Records from a collection:

::::::::

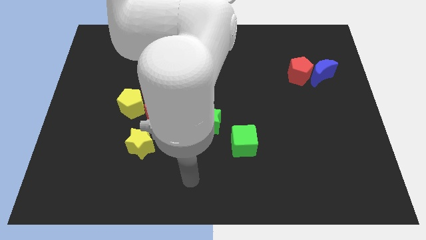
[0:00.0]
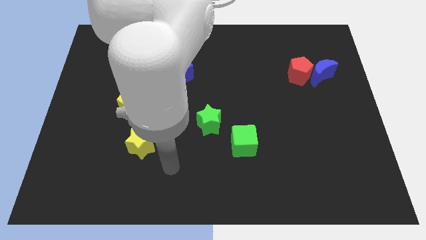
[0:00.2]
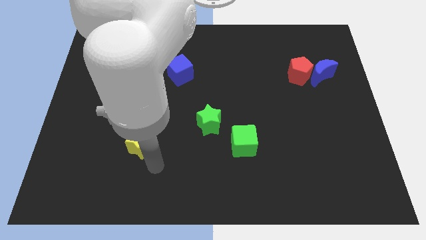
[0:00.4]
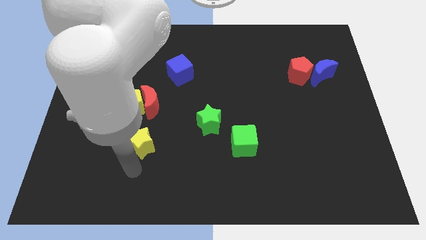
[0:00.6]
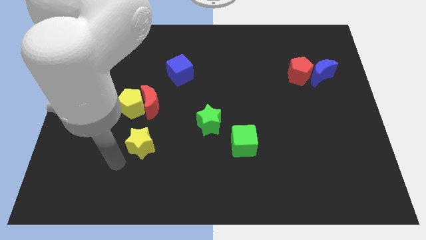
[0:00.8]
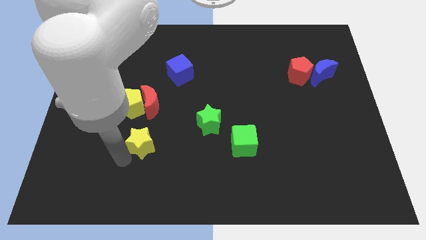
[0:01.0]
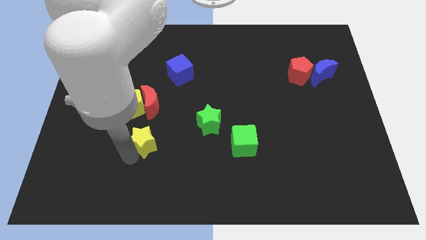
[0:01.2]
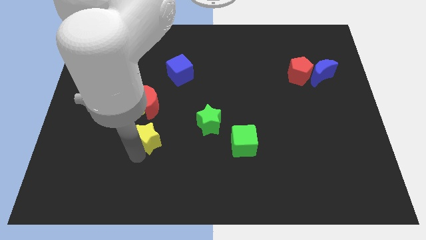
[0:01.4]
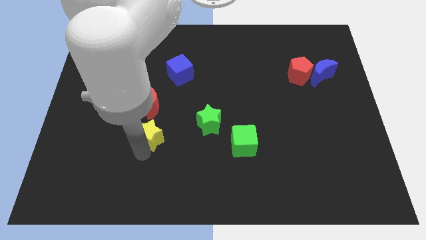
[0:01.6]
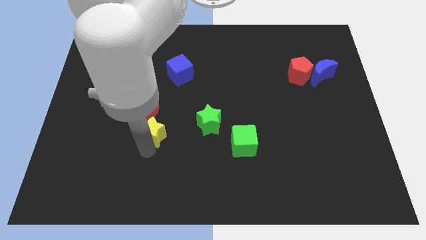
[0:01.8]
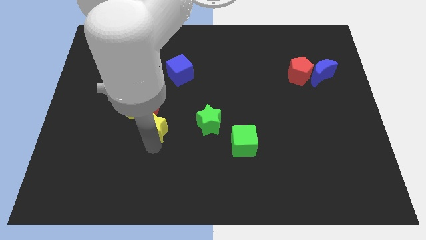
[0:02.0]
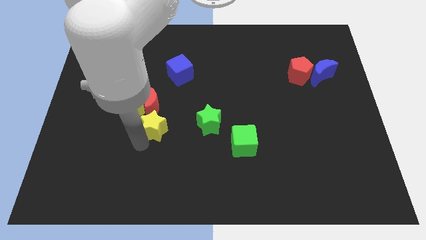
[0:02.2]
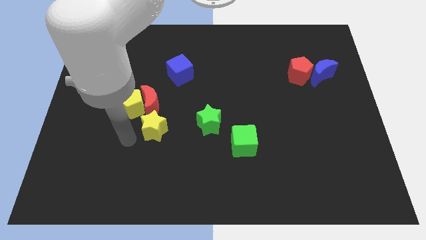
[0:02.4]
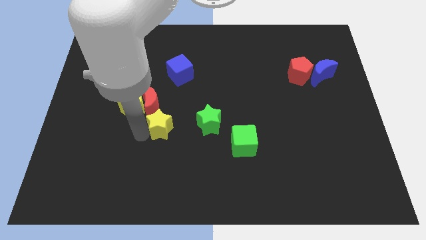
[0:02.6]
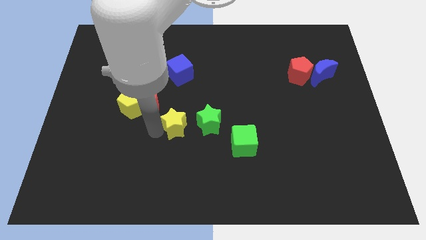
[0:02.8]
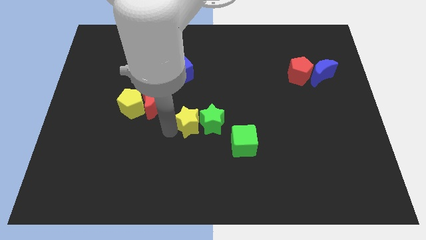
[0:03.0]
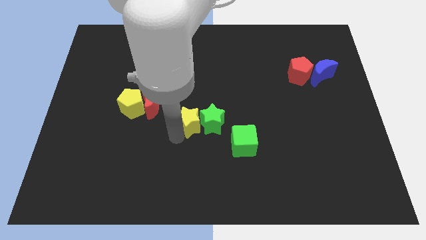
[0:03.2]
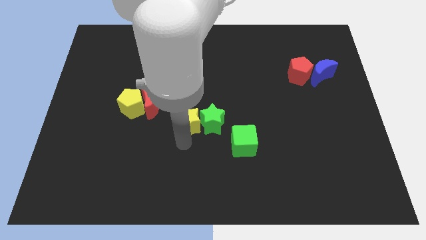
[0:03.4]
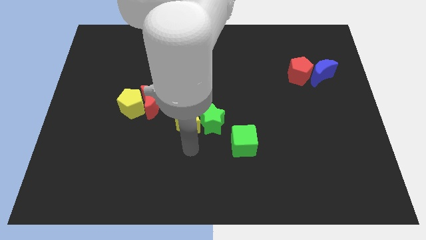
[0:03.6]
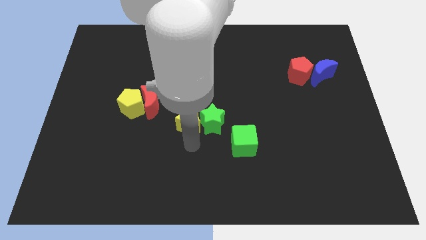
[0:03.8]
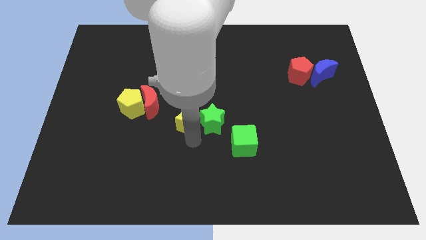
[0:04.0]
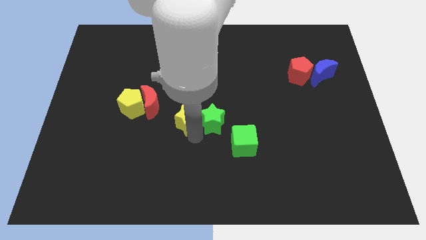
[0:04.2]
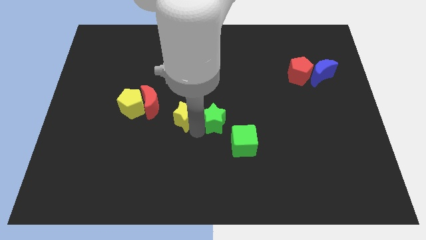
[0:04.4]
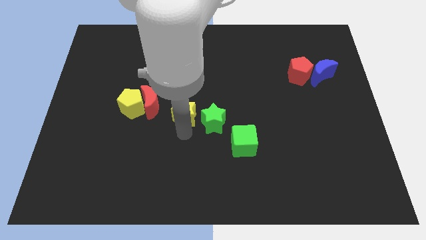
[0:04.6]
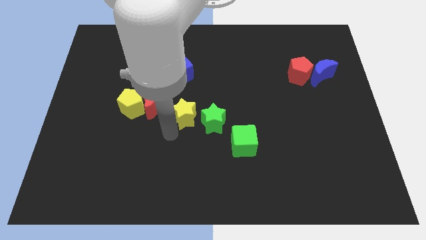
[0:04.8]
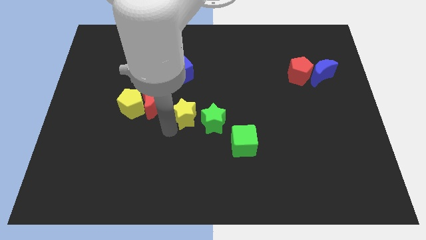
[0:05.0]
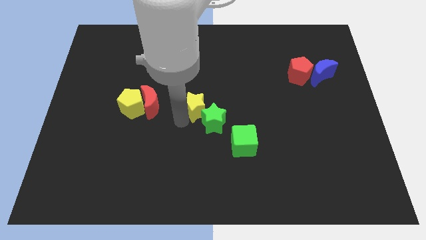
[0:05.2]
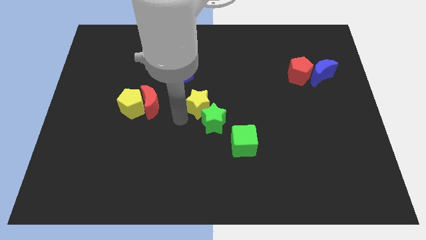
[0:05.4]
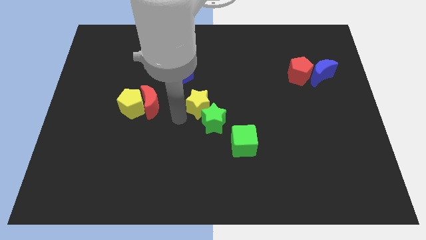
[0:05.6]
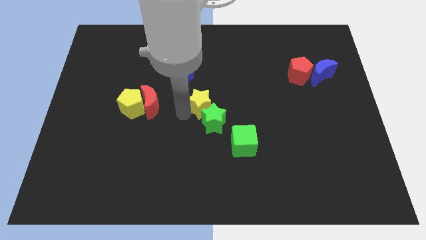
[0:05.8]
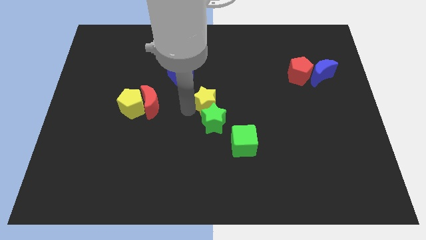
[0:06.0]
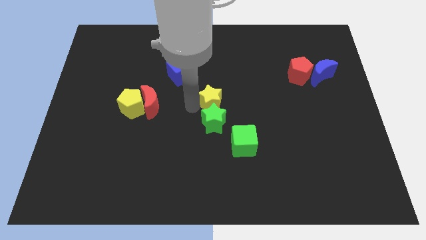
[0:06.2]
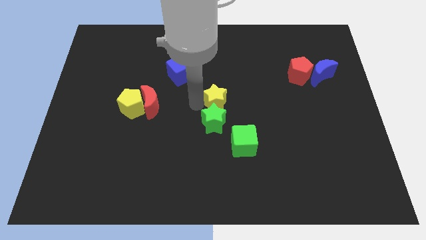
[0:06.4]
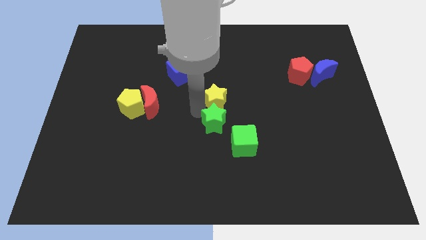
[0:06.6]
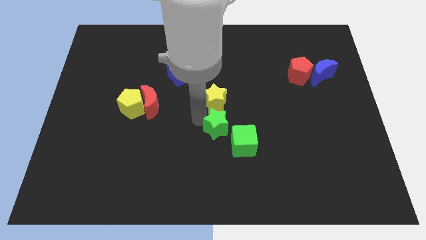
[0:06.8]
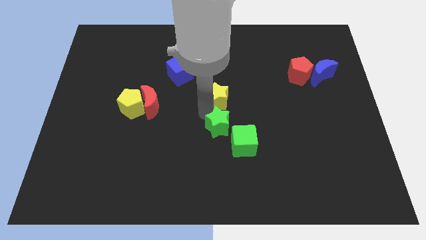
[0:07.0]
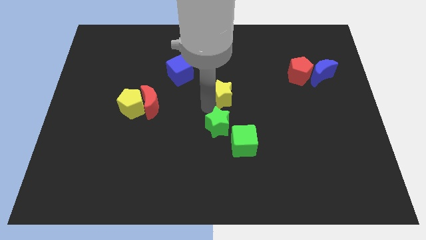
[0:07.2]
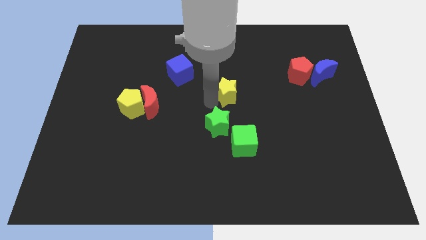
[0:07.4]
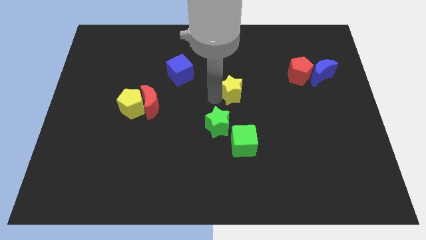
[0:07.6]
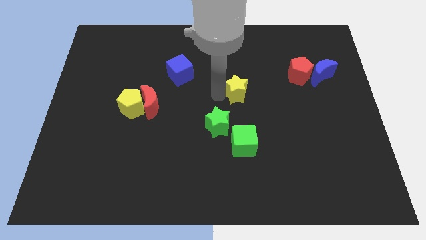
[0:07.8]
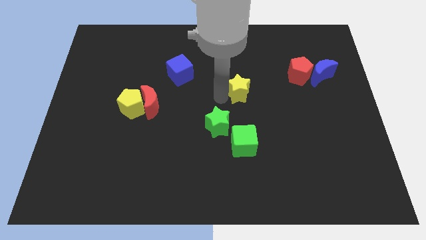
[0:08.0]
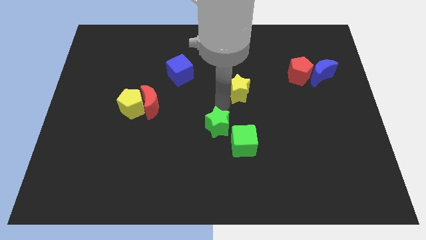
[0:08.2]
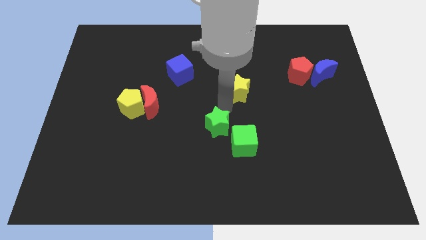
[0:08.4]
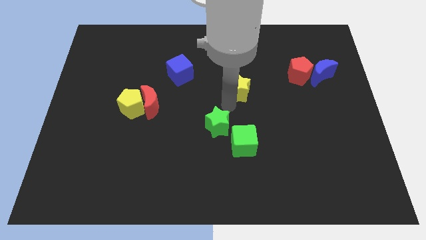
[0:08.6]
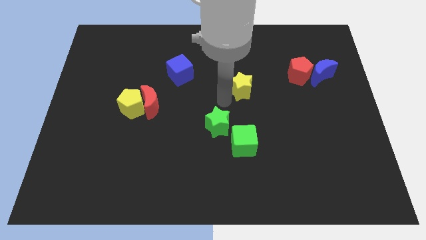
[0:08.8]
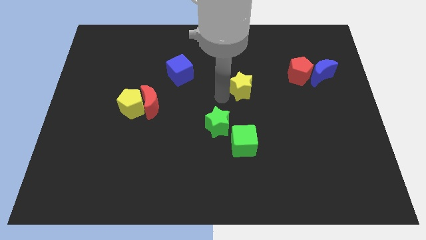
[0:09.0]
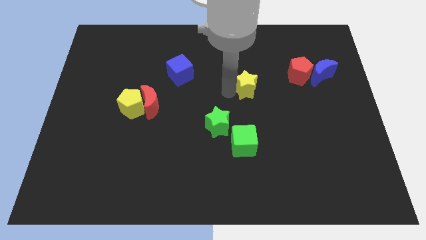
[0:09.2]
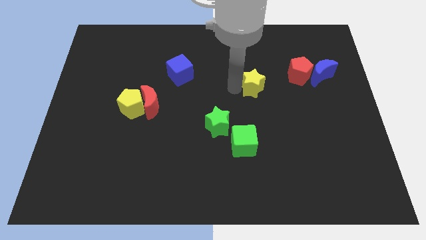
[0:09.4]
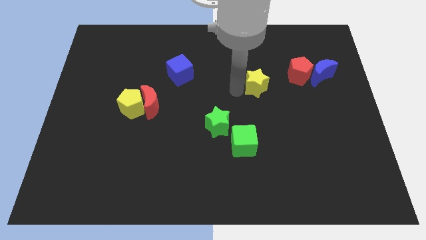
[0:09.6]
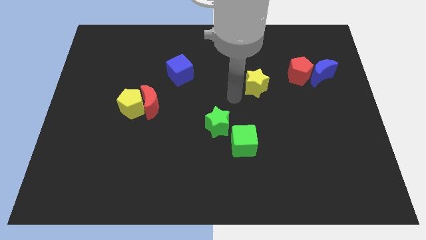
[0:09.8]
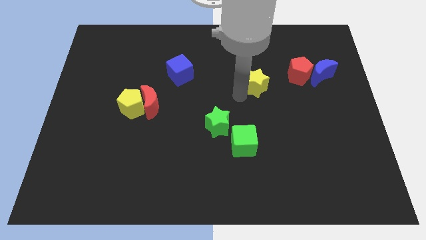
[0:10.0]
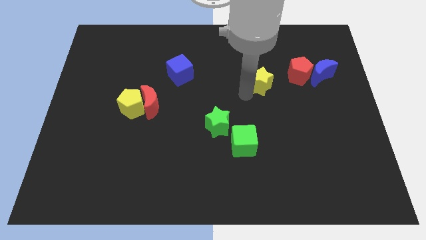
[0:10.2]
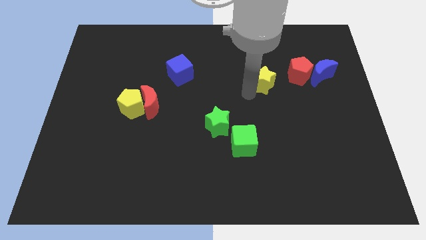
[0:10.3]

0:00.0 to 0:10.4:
slide the yellow star left of the blue moon

::::::::

What to produce: Would you retype every record above exactly, leaving out the pictures?

Task output:
[0:00.0]
[0:00.2]
[0:00.4]
[0:00.6]
[0:00.8]
[0:01.0]
[0:01.2]
[0:01.4]
[0:01.6]
[0:01.8]
[0:02.0]
[0:02.2]
[0:02.4]
[0:02.6]
[0:02.8]
[0:03.0]
[0:03.2]
[0:03.4]
[0:03.6]
[0:03.8]
[0:04.0]
[0:04.2]
[0:04.4]
[0:04.6]
[0:04.8]
[0:05.0]
[0:05.2]
[0:05.4]
[0:05.6]
[0:05.8]
[0:06.0]
[0:06.2]
[0:06.4]
[0:06.6]
[0:06.8]
[0:07.0]
[0:07.2]
[0:07.4]
[0:07.6]
[0:07.8]
[0:08.0]
[0:08.2]
[0:08.4]
[0:08.6]
[0:08.8]
[0:09.0]
[0:09.2]
[0:09.4]
[0:09.6]
[0:09.8]
[0:10.0]
[0:10.2]
[0:10.3]

0:00.0 to 0:10.4:
slide the yellow star left of the blue moon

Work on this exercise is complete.